Your assertion in paragraph 1 above that I have suggested that you cannot ignore my s10(1) notice purely because paragraph 6 isn’t specified in s10(2) is wholly wrong. I have not suggested that you cannot ignore it, merely that you didn’t specify this as your reason for not complying with my properly formatted and addressed notice within the statutory time frame of 21 days. May I remind you that your actual response to my notice was your letter from Maureen P King dated 23 August 2006 in which you claimed the reasons for not complying with my notice were:

 

“The contract you signed, when you connected to the Vodafone network, was and is covered by the consumer credit act 1974”

 

and

 

“Under the regulations of the Parliamentary legislation, any default registered has to remain on file for six years”

 

You had the opportunity at this point to refuse to comply with my notice by relying on the conditions described in Schedule 2 paragraph 6 or that the conditions in S10(1)(a) or (b) applied.
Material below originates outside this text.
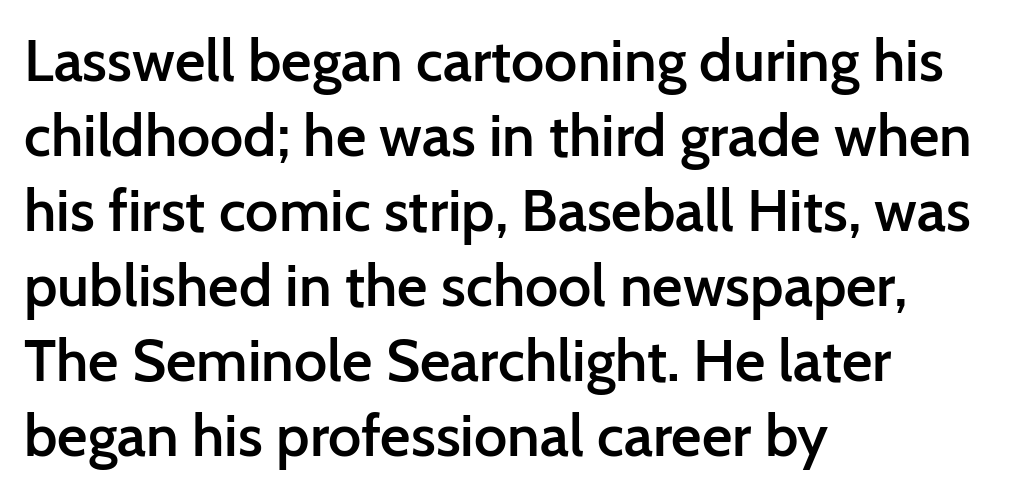
The image shows 59 px semibold sans-serif type, upright; set left-aligned, normal line spacing (1.27x), normal letter spacing, not underlined; low stroke contrast and a medium x-height.
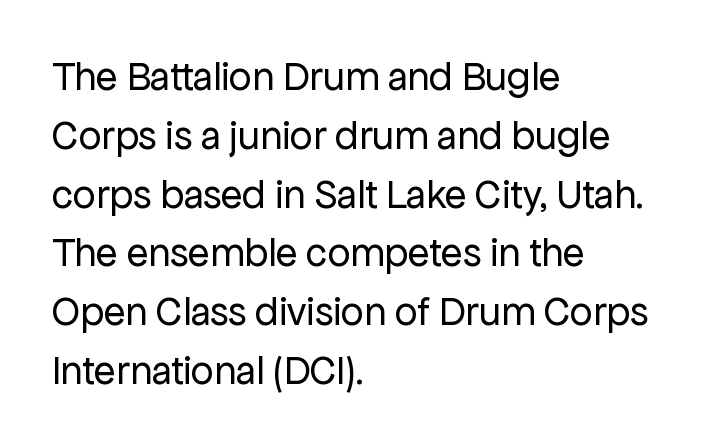
The image shows 40 px regular-weight sans-serif type, upright; set left-aligned, normal line spacing (1.47x), normal letter spacing, not underlined; low stroke contrast and a medium x-height.
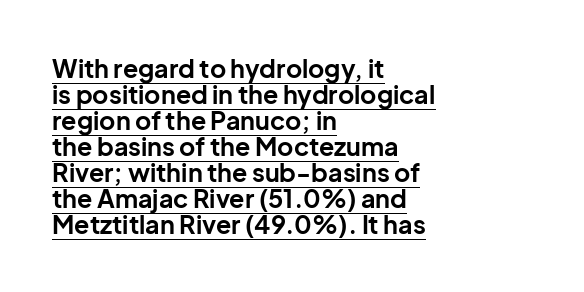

You did not do this.

 

You also did not do this in the follow up letter from Amanda Chandler dated 31 August 2006. At no point within the statutory 21-day period did you claim the processing of my personal data should continue on the basis that the conditions described in Schedule 2 paragraph 6 were met.

 

The second point raised above concerning whether or not substantial unwarranted damage or distress took occurred is interesting. I stated quite clearly my position on this matter in my S10(1) notice. I informed you that I considered that substantial damage or distress had occurred and that this was unwarranted. The information Commissioner’s Office are quite correct to state that you could have challenged my notice by arguing that substantial damage or distress had either not occurred or that it had occurred but that it WAS warranted. You did not do this either within your 21-day statutory period or in any subsequent correspondence. So I am sure you will understand my offence at the suggestion that I “failed to realise that a notice to cease under section 10 can also be refused on the grounds that the processing is not causing or is unlikely to cause unwarranted substantial damage or distress” . I completely understand on what grounds a Data Controller can or cannot refuse a notice issued under s10(1) instead may I suggest that in this particular case, Vodafone did not respond in a manner that would suggest complete understanding of Section 10 of the Data Protection Act based on the letter from Maureen P King dated 23 August 2006.

 

The final point regarding whether or not 10(1)(a) and (b) apply to the notice has largely been dealt with above. The information Commissioner’s office are quite correct to state that had (a) and (b) not applied then you would be correct in refusing to comply with my notice. However, in this case, (a) and (b) do apply, and you did not challenge this application within the 21 day period so you are not correct in refusing to comply on this basis.

 

In summary I believe you have deliberately misrepresented my claim against you to the Information Commissioner’s Office in order that you may present this letter to the court which gives a distinct and yet false impression that there are gaps in my knowledge and application of section 10 of the Data Protection Act in this case.

 

It looks like we're going all the way with this one. but how sneaky are Vodafone to subtley re-word my claim to get such a response from the Information Commissioners Office?